Direct evidence for grain boundary passivation in Cu(In,Ga)Se2 solar cells through alkali-fluoride post-deposition treatments

The properties and performance of polycrystalline materials depend critically on the properties of their grain boundaries. Polycrystalline photovoltaic materials - e.g. hybrid halide perovskites, copper indium gallium diselenide (CIGSe) and cadmium telluride - have already demonstrated high efficiencies and promise cost-effective electricity supply. For CIGSe-based solar cells, an efficiency above 23% has recently been achieved using an alkali-fluoride post-deposition treatment; however, its full impact and functional principle are not yet fully understood. Here, we show direct evidence for the passivation of grain boundaries in CIGSe treated with three different alkali-fluorides through a detailed study of the nanoscale optoelectronic properties. We determine a correlation of the surface potential change at grain boundaries with the open-circuit voltage, which is supported by numerical simulations. Our results suggest that heavier alkali elements might lead to better passivation by reducing the density of charged defects and increasing the formation of secondary phases at grain boundaries.

Introduction

The use of polycrystalline materials for photovoltaic (PV) energy conversion promises fast fabrication and high cost-savings potential. However, the properties of polycrystalline semiconductors are frequently dominated by the properties of grain boundaries (GBs). In recent years, thin-film solar cells based on polycrystalline cadmium telluride (CdTe), Cu(In,Ga)Se2 (CIGSe), and lead-halide perovskite absorbers have surpassed the barrier of 22% power conversion efficiency.
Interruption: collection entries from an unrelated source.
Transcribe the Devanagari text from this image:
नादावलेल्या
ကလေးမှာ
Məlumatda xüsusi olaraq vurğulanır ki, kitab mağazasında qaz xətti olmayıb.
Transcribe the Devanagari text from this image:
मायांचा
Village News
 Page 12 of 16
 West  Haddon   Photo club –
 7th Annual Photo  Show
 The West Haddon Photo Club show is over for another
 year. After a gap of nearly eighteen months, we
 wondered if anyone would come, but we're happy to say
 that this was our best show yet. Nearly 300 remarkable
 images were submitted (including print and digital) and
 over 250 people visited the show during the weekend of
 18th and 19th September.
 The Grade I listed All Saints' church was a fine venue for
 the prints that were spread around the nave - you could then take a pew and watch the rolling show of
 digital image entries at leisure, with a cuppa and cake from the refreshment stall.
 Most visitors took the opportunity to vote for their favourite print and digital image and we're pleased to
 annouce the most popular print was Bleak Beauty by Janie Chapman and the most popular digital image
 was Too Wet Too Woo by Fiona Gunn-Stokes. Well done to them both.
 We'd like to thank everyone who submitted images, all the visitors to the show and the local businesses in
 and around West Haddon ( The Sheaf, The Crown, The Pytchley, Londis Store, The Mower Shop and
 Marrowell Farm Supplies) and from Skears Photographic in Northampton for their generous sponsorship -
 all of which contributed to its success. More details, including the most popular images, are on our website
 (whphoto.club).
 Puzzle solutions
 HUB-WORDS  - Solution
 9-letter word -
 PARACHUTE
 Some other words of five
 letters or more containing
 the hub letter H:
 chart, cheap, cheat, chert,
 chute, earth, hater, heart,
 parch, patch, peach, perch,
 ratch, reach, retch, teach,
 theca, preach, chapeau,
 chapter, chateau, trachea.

These outstanding efficiencies have been achieved through tedious materials and device optimization. It is obvious that in such high-efficiency devices the GBs are not leading to strong carrier recombination. In fact, some of the strategies for efficiency improvement have subsequently been identified to passivate GBs, e.g. a cadmium-chloride (CdCl2) treatment in CdTe solar cells and a polymer treatment in perovskite solar cells. For CIGSe solar cells an alkali-fluoride (AlkF) post-deposition treatment (PDT) has recently led to a significant increase in the efficiencies. Indeed, it has been reported that for a potassium-fluoride (KF)-PDT the electronic properties of the GBs are beneficially modified. However, a full understanding of the role of GBs in CIGSe is still lacking, especially in view of the heavier AlkF-PDT using rubidium-fluoride (RbF) and cesium-fluoride (CsF), which have led to higher record efficiencies in the last 2 years.
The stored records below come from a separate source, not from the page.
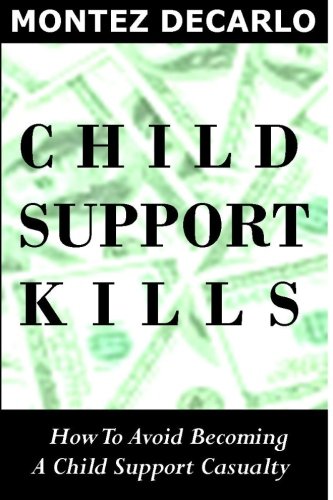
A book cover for Child Support Kills: How To Avoid Becoming A Child Support Casualty; Mr. Montez DeCarlo; Law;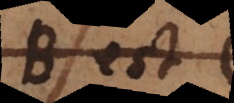
B est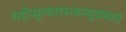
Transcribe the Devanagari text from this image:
महीसुरवरास्त्वत्सुप्रभातं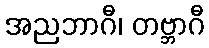
အညဘာဂီ၊ တဗ္ဘာဂီ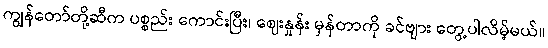
ကျွန်တော်တို့ဆီက ပစ္စည်း ကောင်းပြီး၊ ဈေးနှုန်း မှန်တာကို ခင်ဗျား တွေ့ပါလိမ့်မယ်။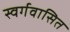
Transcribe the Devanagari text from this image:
स्वर्गवासित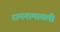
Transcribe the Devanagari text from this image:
रामनामावली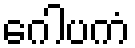
ဂေါပကံ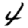
Digit: 4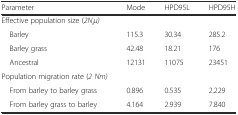
<table><thead><tr><td><b>Parameter</b></td><td><b>Mode</b></td><td><b>HPD95L</b></td><td><b>HPD95H</b></td></tr></thead><tbody><tr><td>Effective population size (<i>2N</i><sub><i>i</i></sub><i>μ)</i></td><td>[EMPTY_CELL]</td><td>[EMPTY_CELL]</td><td>[EMPTY_CELL]</td></tr><tr><td> Barley</td><td>115.3</td><td>30.34</td><td>285.2</td></tr><tr><td> Barley grass</td><td>42.48</td><td>18.21</td><td>176</td></tr><tr><td> Ancestral</td><td>12131</td><td>11075</td><td>23451</td></tr><tr><td>Population migration rate (<i>2 Nm)</i></td><td>[EMPTY_CELL]</td><td>[EMPTY_CELL]</td><td>[EMPTY_CELL]</td></tr><tr><td> From barley to barley grass</td><td>0.896</td><td>0.535</td><td>2.229</td></tr><tr><td> From barley grass to barley</td><td>4.164</td><td>2.939</td><td>7.840</td></tr></tbody></table>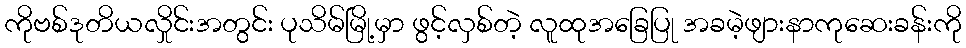
ကိုဗစ်ဒုတိယလှိုင်းအတွင်း ပုသိမ်မြို့မှာ ဖွင့်လှစ်တဲ့ လူထုအခြေပြု အခမဲ့ဖျားနာကုဆေးခန်းကို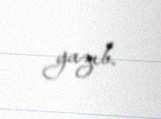
yazıb.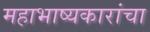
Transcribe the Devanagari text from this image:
महाभाष्यकारांचा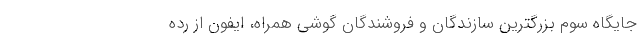
جایگاه سوم بزرگترین سازندگان و فروشندگان گوشی همراه، ایفون از رده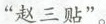
”赵三贴”。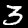
Digit: 3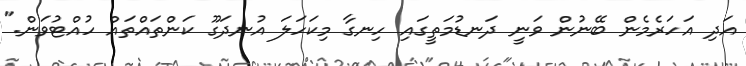
އަދި އަހަރެމެން ބޭނުން ވަނީ ދަނޑުމަތީގައި ހިނގާ މިކަހަލަ އުނދަގޫ ކަންތައްތައް ހުއްޓުވަން."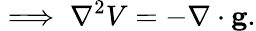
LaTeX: \implies\nabla^{2}V=-\nabla\cdot\mathbf{g}.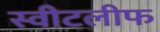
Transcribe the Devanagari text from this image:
स्वीटलीफ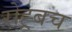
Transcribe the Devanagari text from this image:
रोह्र्बच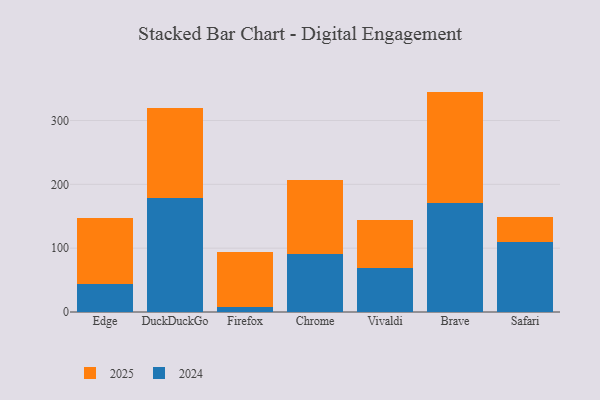
{"axis": {"x": "Browser", "y": "Production Output"}, "legend": ["2024", "2025"], "data": [{"x": "Edge", "y": 44.1, "type": "2024"}, {"x": "Edge", "y": 103.2, "type": "2025"}, {"x": "DuckDuckGo", "y": 178.7, "type": "2024"}, {"x": "DuckDuckGo", "y": 140.7, "type": "2025"}, {"x": "Firefox", "y": 8.6, "type": "2024"}, {"x": "Firefox", "y": 84.7, "type": "2025"}, {"x": "Chrome", "y": 90.4, "type": "2024"}, {"x": "Chrome", "y": 116.6, "type": "2025"}, {"x": "Vivaldi", "y": 69.7, "type": "2024"}, {"x": "Vivaldi", "y": 74.1, "type": "2025"}, {"x": "Brave", "y": 171.0, "type": "2024"}, {"x": "Brave", "y": 174.3, "type": "2025"}, {"x": "Safari", "y": 110.1, "type": "2024"}, {"x": "Safari", "y": 38.9, "type": "2025"}]}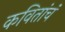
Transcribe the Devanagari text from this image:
कवितांचं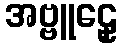
အဗ္ဗူဠှေ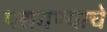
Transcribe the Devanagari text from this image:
परागण्याचे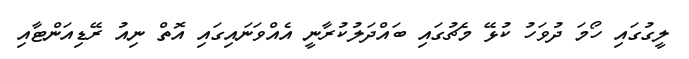
ލީގުގައި ހޯމަ ދުވަހު ކުޅޭ މެޗުގައި ބައްދަލުކުރާނީ އެއްވަނައިގައި އޮތް ނިއު ރޭޑިއަންޓާއި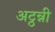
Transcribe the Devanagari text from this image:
अट्ठन्नी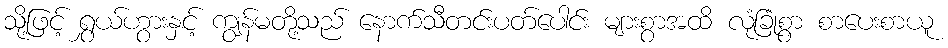
သို့ဖြင့် ရွှယ်ဟွားနှင့် ကျွန်မတို့သည် နောက်သီတင်းပတ်ပေါင်း များစွာအထိ လုံခြုံစွာ စာပေးစာယူ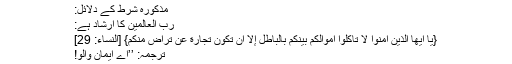
مذکورہ شرط کے دلائل:
ربُّ العالمین کا ارشاد ہے:
{يَا أَيُّهَا الَّذِيْنَ آمَنُوْا لَا تَأْكُلُوا أَمْوَالَكُمْ بَيْنَكُمْ بِالْبَاطِلِ إِلَّآ أَنْ تَكُوْنَ تِجَارَةً عَنْ تَرَاضٍ مِّنْكُمْ} [النساء: 29]
ترجمہ: ’’اے ایمان والو!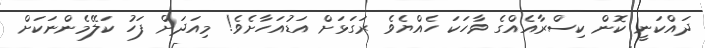
ދައްކަނީ ކޮން ކިސްރާއެއްގެ ވާހަކަ ހެއްޔެވެ ރަގަޅަށް އަޑުއަހާށެވެ! މިއަދަށް ފަހު ކަލޭމެންނަކަށް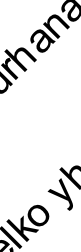
k o a n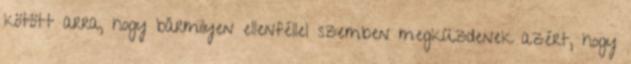
kötött arra, hogy bármilyen ellenféllel szemben megküzdenek azért, hogy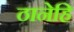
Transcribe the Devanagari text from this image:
ठानेहि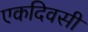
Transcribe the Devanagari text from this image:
एकदिवसी

Most of the studies investigating the role of GBs in CIGSe were performed on material without any AlkF-PDT. The only alkali elements present in the absorber were those diffusing from the soda-lime glass substrate, mainly sodium (Na). Compositional studies at atomic level using atom probe tomography (APT) indicated Na accumulation at the GBs. More recent studies, where a KF-PDT was applied indicate also accumulation of K at GBs. As a consequence of the relative concentrations of the different alkali elements at GBs and in the grain interior, several effects have been observed, including Cu depletion, In and Se accumulation at GBs, a diminished downwardand increased upward band bending at GBs, increase or decreaseof carrier concentration, and an impact on the GB recombination velocity. A similar range of observations has been reported for RbF-PDT. The detailed composition, chemistry, and microstructure at GBs leads to different GB and possibly also bulk properties, explaining discrepancies in the literature. Different models have been suggested to explain the properties of GBs, however, there is no agreement about the relevance of the electronic properties of GBs for the device performance.
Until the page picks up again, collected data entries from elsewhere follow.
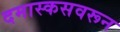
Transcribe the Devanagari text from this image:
दमास्कसवरून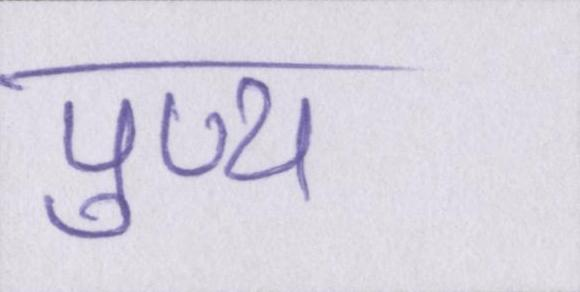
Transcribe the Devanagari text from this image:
पुण्य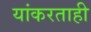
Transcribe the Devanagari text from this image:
यांकरताही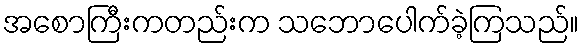
အစောကြီးကတည်းက သဘောပေါက်ခဲ့ကြသည်။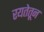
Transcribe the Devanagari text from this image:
रयतेतून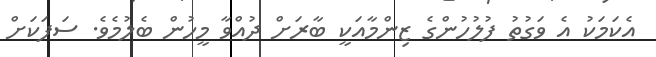
އެކަމަކު އެ ވަގުތު ފުލުހުންގެ ޒިންމާއަކީ ބާރަށް ދުއްވާ މީހުން ބެލުމެވެ. ސަފަކަށް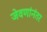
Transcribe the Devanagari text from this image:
जेवणांनंतर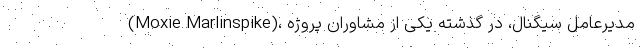
(Moxie Marlinspike)، مدیرعامل سیگنال، در گذشته یکی از مشاوران پروژه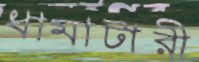
ধামাটারী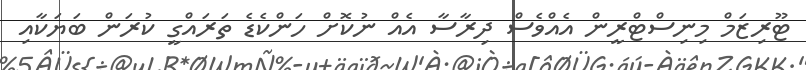
ޓޫރިޒަމް މިނިސްޓްރީން އެއްވެސް ދިރާސާ އެއް ނުކޮށް ހަންކެޑެ ތަރައްގީ ކުރަން ބަޔަކާއި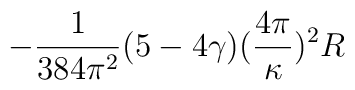
-\frac{1}{384\pi^2}(5-4\gamma) (\frac{4\pi}{\kappa})^2 R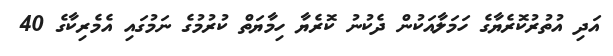
އަދި އުތުރުކޮރެޔާގެ ހަމަލާއަކުން ދެކުނު ކޮރެޔާ ހިމާޔަތް ކުރުމުގެ ނަމުގައި އެމެރިކާގެ 40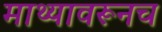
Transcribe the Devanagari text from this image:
माथ्यावरूनच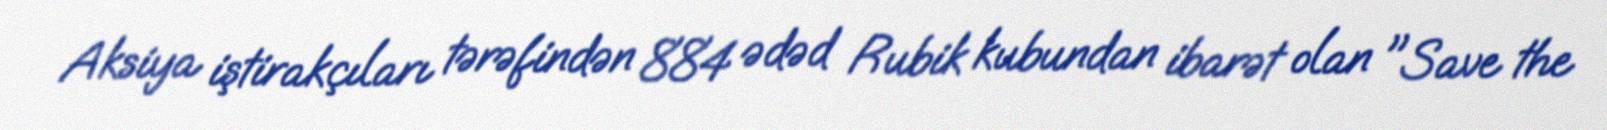
Aksiya iştirakçıları tərəfindən 884 ədəd Rubik kubundan ibarət olan "Save the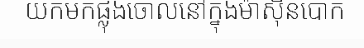
យកមកផ្លុងចោលនៅក្នុងម៉ាស៊ីនបោក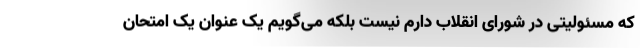
که مسئولیتی در شورای انقلاب دارم نیست بلکه می‌گویم یک عنوان یک امتحان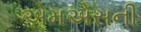
એમએસની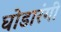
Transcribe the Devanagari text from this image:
घोडारंगी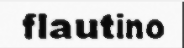
flautino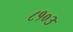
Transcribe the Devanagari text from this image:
८१०३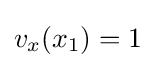
v_{x}(x_{1})=1

We present a comprehensive Kelvin probe force microscopy (KPFM) study of the electronic GB properties in CIGSe deposited by co-evaporation and compare the effect of KF-, RbF-, and CsF-PDT. A statistical analysis of more than 240 GBs shows distinct differences of the potential variation across the GBs between the samples. To isolate the effect of the different AlkF-PDTs, we use nominally identical CIGSe absorbers grown with the same processing conditions. To understand the impact of GBs on the device performance, we perform three-dimensional (3D) device simulations considering different GB electronic properties. Our results indicate that GBs exhibiting downward band bending (i.e. a hole transport barrier) have a negative impact on device performance. We also find that an optimized AlkF-PDT can lead to a passivation effect at GBs.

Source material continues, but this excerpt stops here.